Monday morning bright and early: time to go On Vacation ! Would have gone on the weekend, but the Card Player and I had card playing to do so we stuck around home for that.

We’re taking a quick trip south to taste the wine and the seafood, then we’ve got a long weekend planned at a friend’s apartment in Paris. Unnecessarily complicated, but whatever. I’ve packed Counting Crows, Knopfler, the Bodeans, Santana, and suchlike for road music. JP doesn’t mind listening to the news & traffic loop, but I only like that when the news is new, not when I’ve heard it four times already.

Right about noon, we are at a fabulous big bridge, where we stop for a pee and a stretch. If you ever happen to be here, be warned about the toilets. They are fancy designer toilets with super high-pressure flushing. Gets that bowl blasted clean. Only, the bowl is designed to look nice, but not to contain that blast of water: it splashes over and drenches everything. Even the door gets wet. Fashion before function taken a little too far. So zip up, gather your stuff, open the door, then quick flush&run.
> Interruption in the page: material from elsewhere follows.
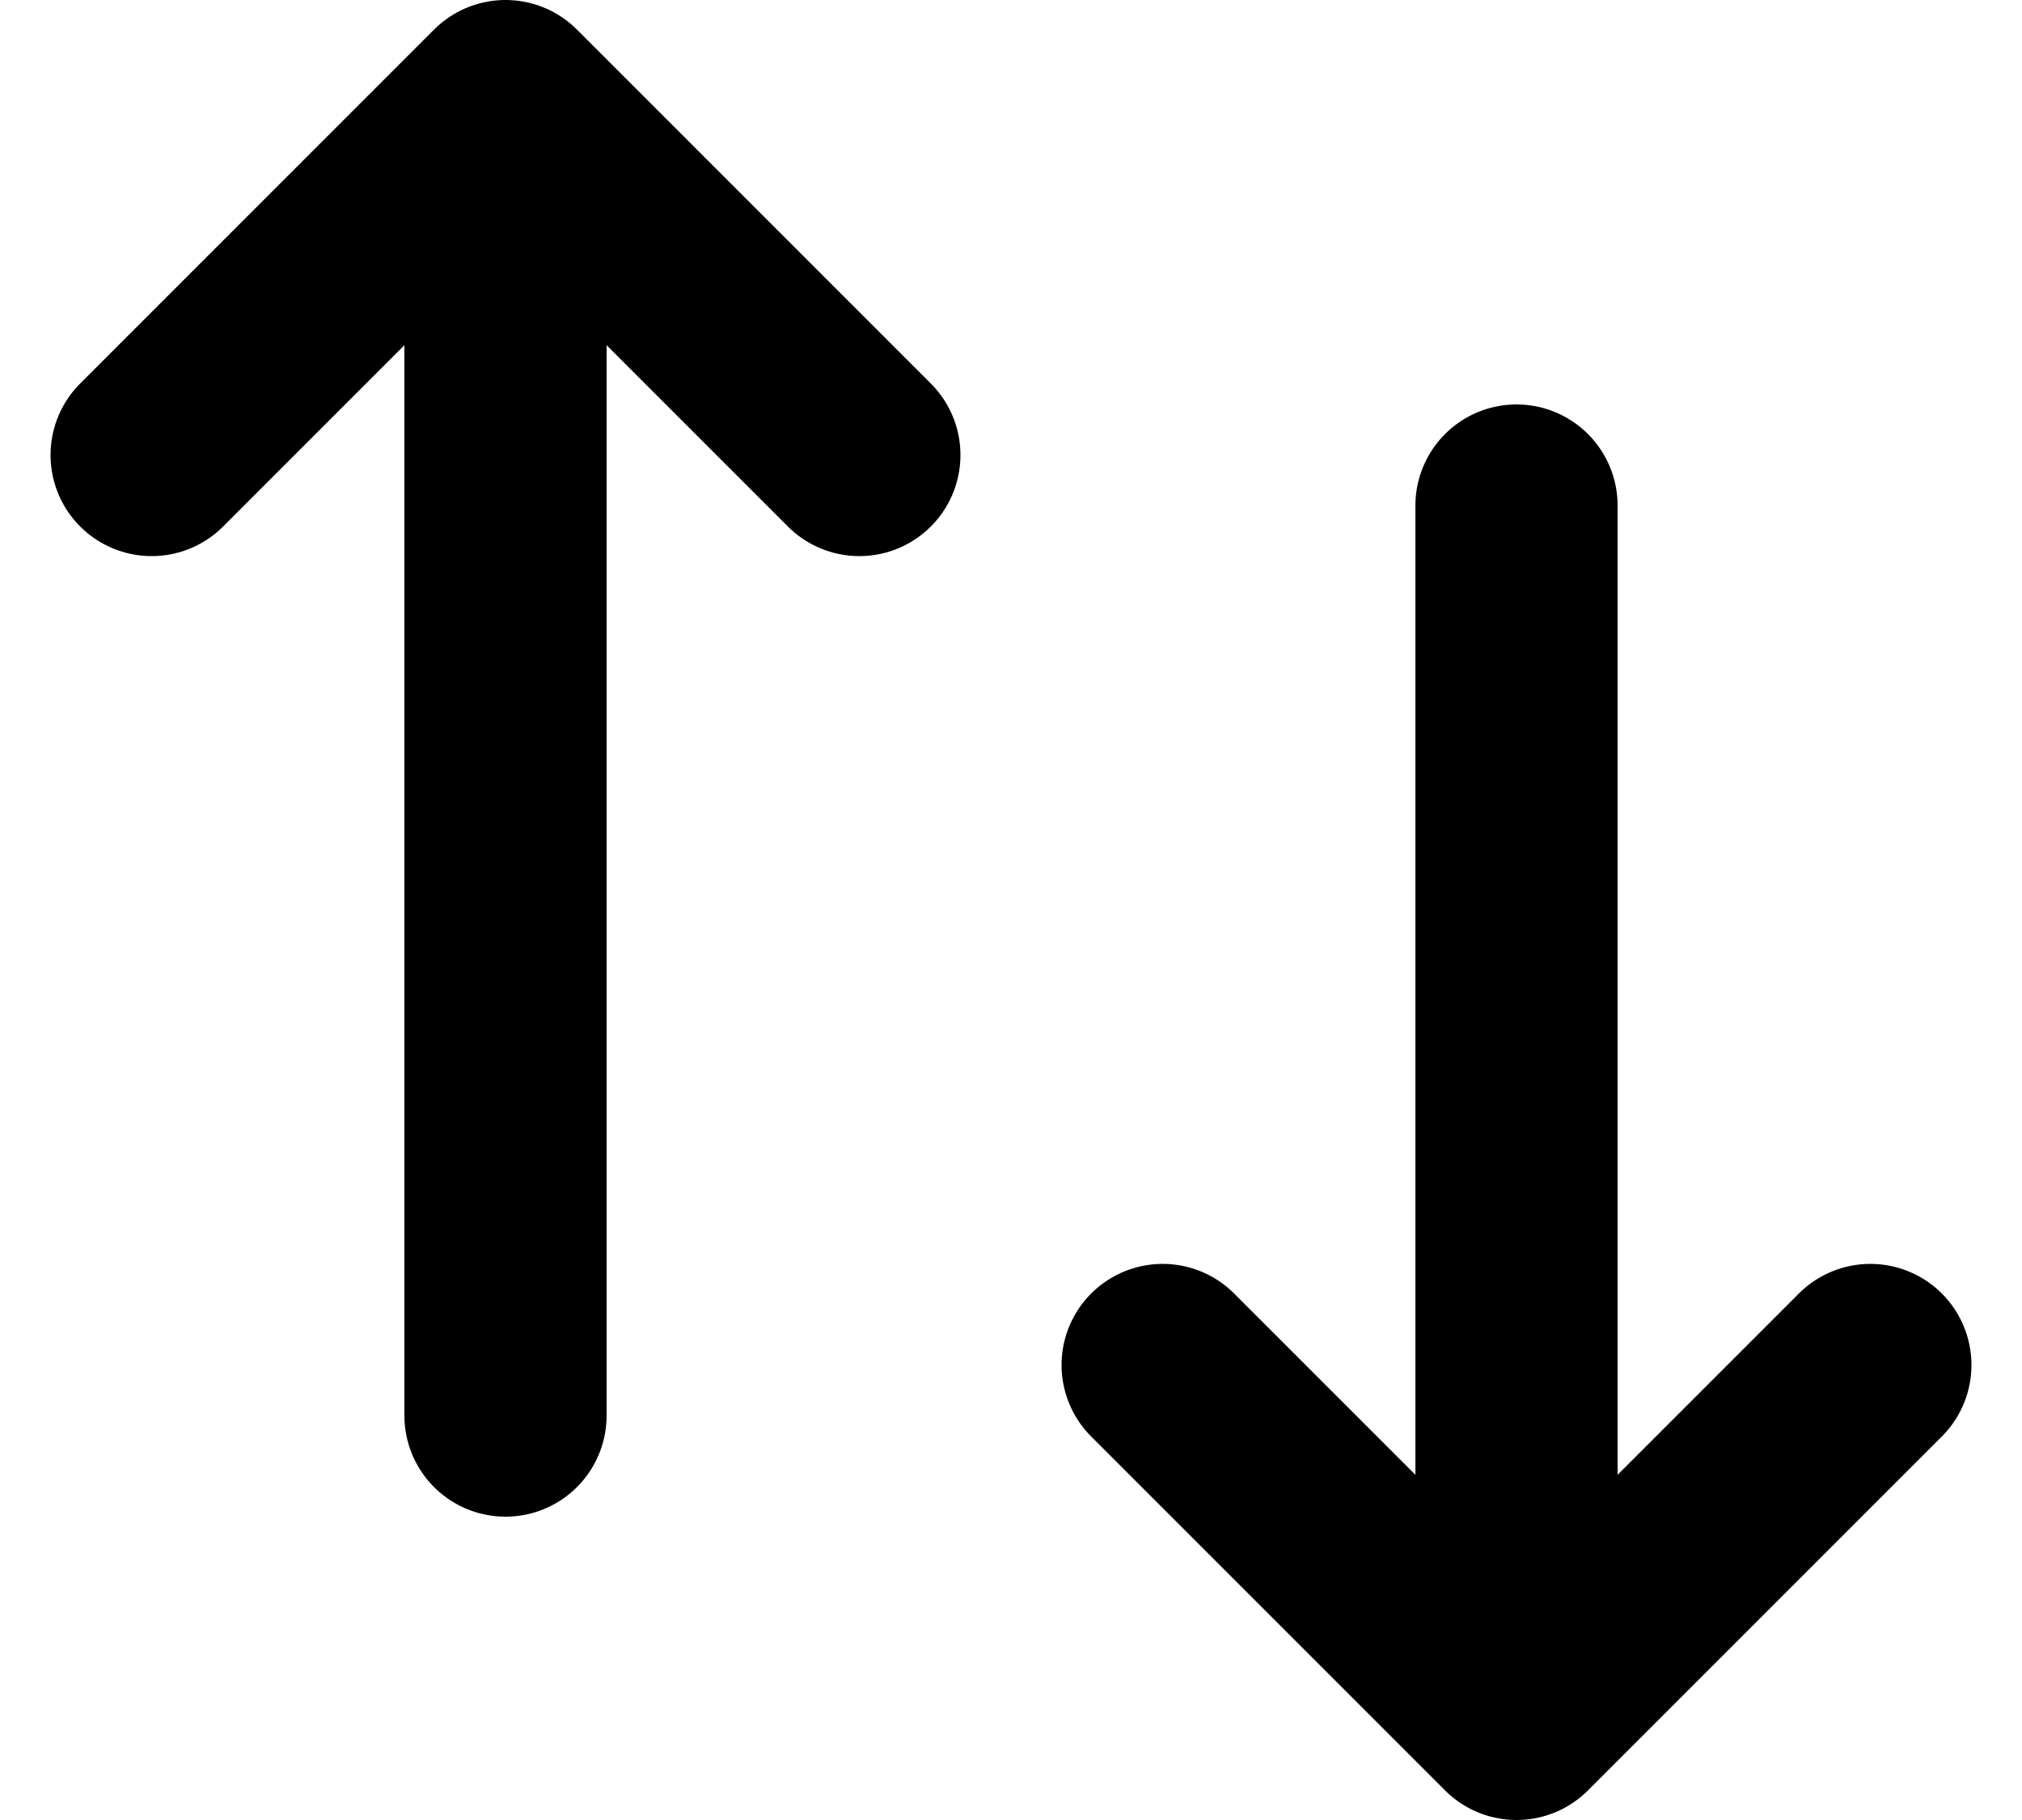 <svg width="20" height="18" viewBox="0 0 20 18" fill="none" xmlns="http://www.w3.org/2000/svg">
<path d="M15 17V5M15 17L11.5 13.5M15 17L18.5 13.5M5 14V1M5 1L1.5 4.5M5 1L8.5 4.5" stroke="black" stroke-width="2" stroke-linecap="round" stroke-linejoin="round"/>
</svg>

Having stopped, we realize it’s time for a bite. In Mende for lunch, things are quite deserted. It’s Monday. It’s back to school. Heh heh heh, we are On Vacation.

We have had enough of schoolish things. We want crisp salads and crusty bread and some pretty rosé to wash it all down, here at this nice sidewalk café in the shade of the plane trees. Oh, that is a nice rosé – local, is it? Let’s note the address and pay them a visit on the way back.

Back on the road, south south south on the A75. Turn left at Montpellier. I hate crossing Montpellier by car, because the freeway is not continuous. If you’re on the A75 and you want to turn east, you have to mess around endlessly on surface streets. The heck? Finish the d*** road. And there’s traffic. Nasty traffic. But here we are finally on the coast road, passing by the Grande Motte and the Grau du Roi and the walled town of Aigues Mortes. We stopped there last year. This time it’s on to Saintes Maries de la Mer, via the extra-small roads.

Goat tracks, Dan would say.

I love the goat tracks.

We’re in the Camargue, the huge salt marsh where the flamingos live and there are white horses living wild (or not so wild) and herds of tasty black cattle all around.

JP is just tickled that I picked Saintes as our destination. Of course I picked it because I knew he would be tickled. And in the flash-visits of the past I’ve never stayed more than a half-day, never seen the flamingos close up or any of those free-roaming quadrupeds.

There they are! There they are!

Oh look, bovines. I am so easily amused sometimes. But they are really pretty, all black and peaceful out there in the fields. And here are some tourists from Holland stopping to see what we’re gawking at, and they get their cameras out too and we all admire the herd for a while before moving on.

JP loves showing me around all his old favorite places, and one of these is the beach where he used to go windsurfing. It’s not an easy place to get too, and so much the better or it would be overrun. It’s been some time since last he drove down here, decades at least, and the road has not only not been improved, but at one point there’s this concrete funnel that prevents anything larger than a regular car from getting through. Prevents people from driving campers down here and wrecking the nature reserve. Our car is about the largest that will fit, and fortunately we have a professional driver at the wheel.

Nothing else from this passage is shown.